*** LISTED RECORDS Section Begins ***

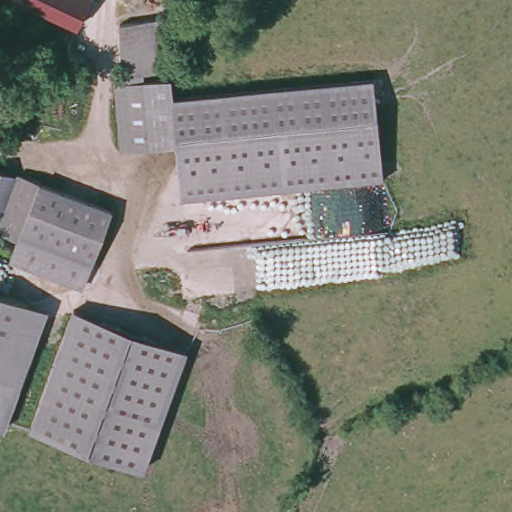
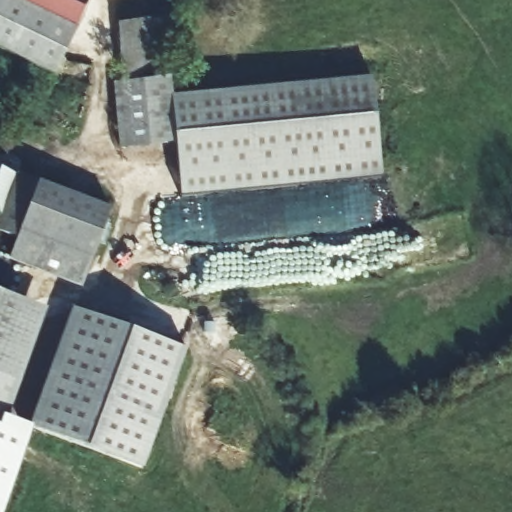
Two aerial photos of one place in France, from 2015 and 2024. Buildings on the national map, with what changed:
new [(14,0),(71,32),(52,74),(0,49),(0,0),(14,0)]
unchanged [(71,32),(14,0),(84,0),(87,1),(71,32)]
unchanged [(160,58),(148,71),(122,76),(118,64),(116,22),(157,19),(157,37),(153,42),(164,49),(160,58)]
unchanged [(170,95),(371,75),(382,176),(180,197),(175,143),(119,149),(112,81),(169,75),(170,95)]
unchanged [(0,205),(0,170),(10,173),(0,205)]
unchanged [(81,285),(8,260),(16,238),(0,232),(0,205),(10,173),(111,207),(81,285)]
unchanged [(0,431),(0,298),(41,311),(3,431),(0,431)]
unchanged [(30,433),(70,312),(186,347),(148,469),(30,433)]
new [(4,512),(0,512),(0,431),(3,431),(7,417),(32,426),(30,433),(4,512)]

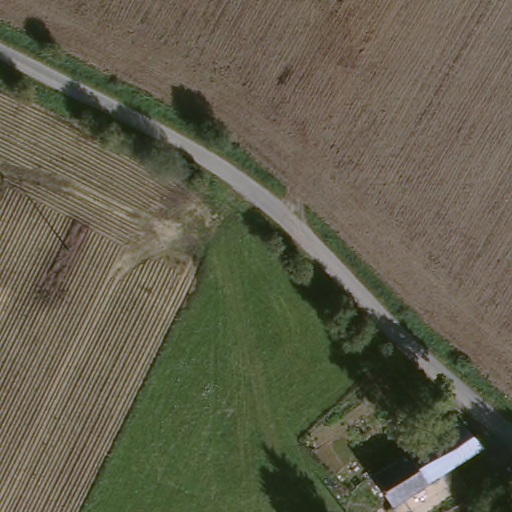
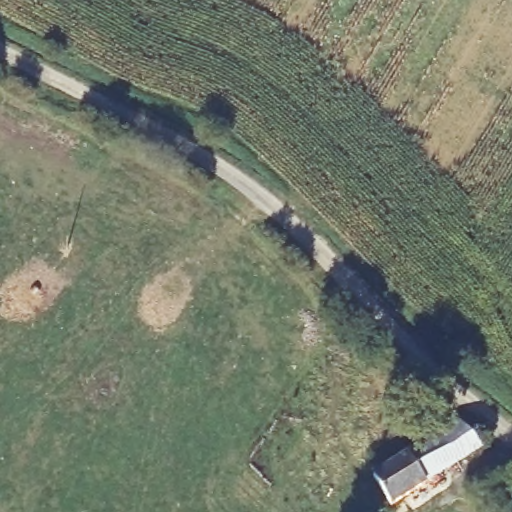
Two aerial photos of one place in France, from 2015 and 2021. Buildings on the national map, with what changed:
unchanged [(379,472),(462,418),(492,445),(402,504),(379,472)]

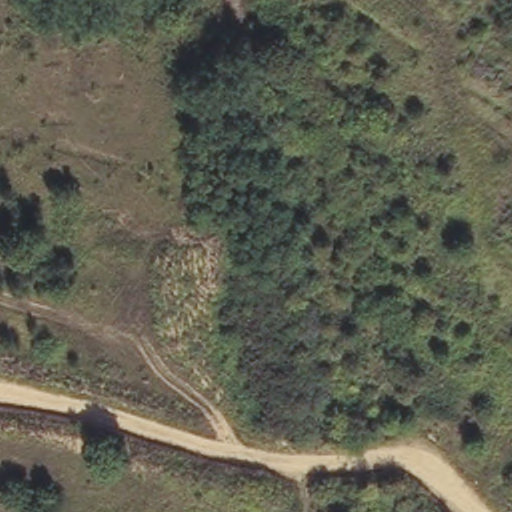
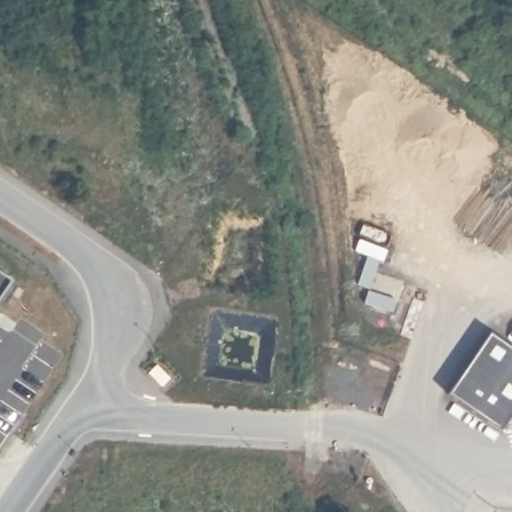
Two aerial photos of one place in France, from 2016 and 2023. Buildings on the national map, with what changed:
new [(16,271),(0,294),(0,260),(16,271)]
new [(512,411),(499,431),(447,399),(494,328),(512,341),(512,411)]

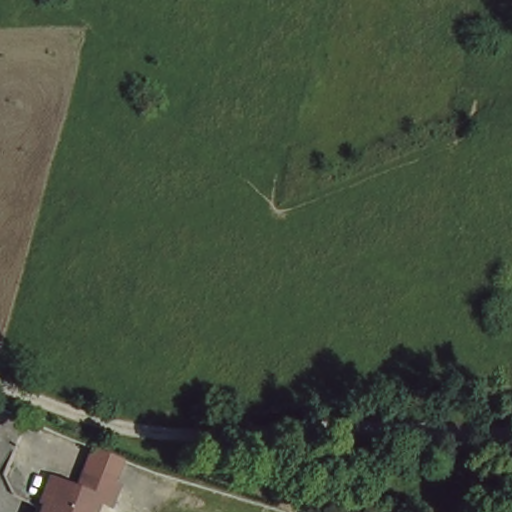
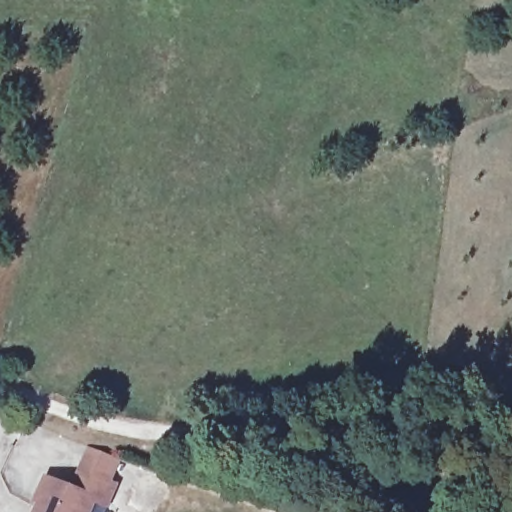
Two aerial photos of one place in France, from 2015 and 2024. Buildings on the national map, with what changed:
unchanged [(45,476),(68,485),(76,467),(108,480),(101,499),(89,495),(82,512),(31,512),(45,476)]

*** LISTED RECORDS Section Ends ***

■ TASK TO COMPLETE ■
Output, exactly and without pictures, the span of lines that starts at the line containing "2015 and 2021." and ends at the last line above.

■ TASK RESPONSE ■
Two aerial photos of one place in France, from 2015 and 2021. Buildings on the national map, with what changed:
unchanged [(379,472),(462,418),(492,445),(402,504),(379,472)]

Two aerial photos of one place in France, from 2016 and 2023. Buildings on the national map, with what changed:
new [(16,271),(0,294),(0,260),(16,271)]
new [(512,411),(499,431),(447,399),(494,328),(512,341),(512,411)]

Two aerial photos of one place in France, from 2015 and 2024. Buildings on the national map, with what changed:
unchanged [(45,476),(68,485),(76,467),(108,480),(101,499),(89,495),(82,512),(31,512),(45,476)]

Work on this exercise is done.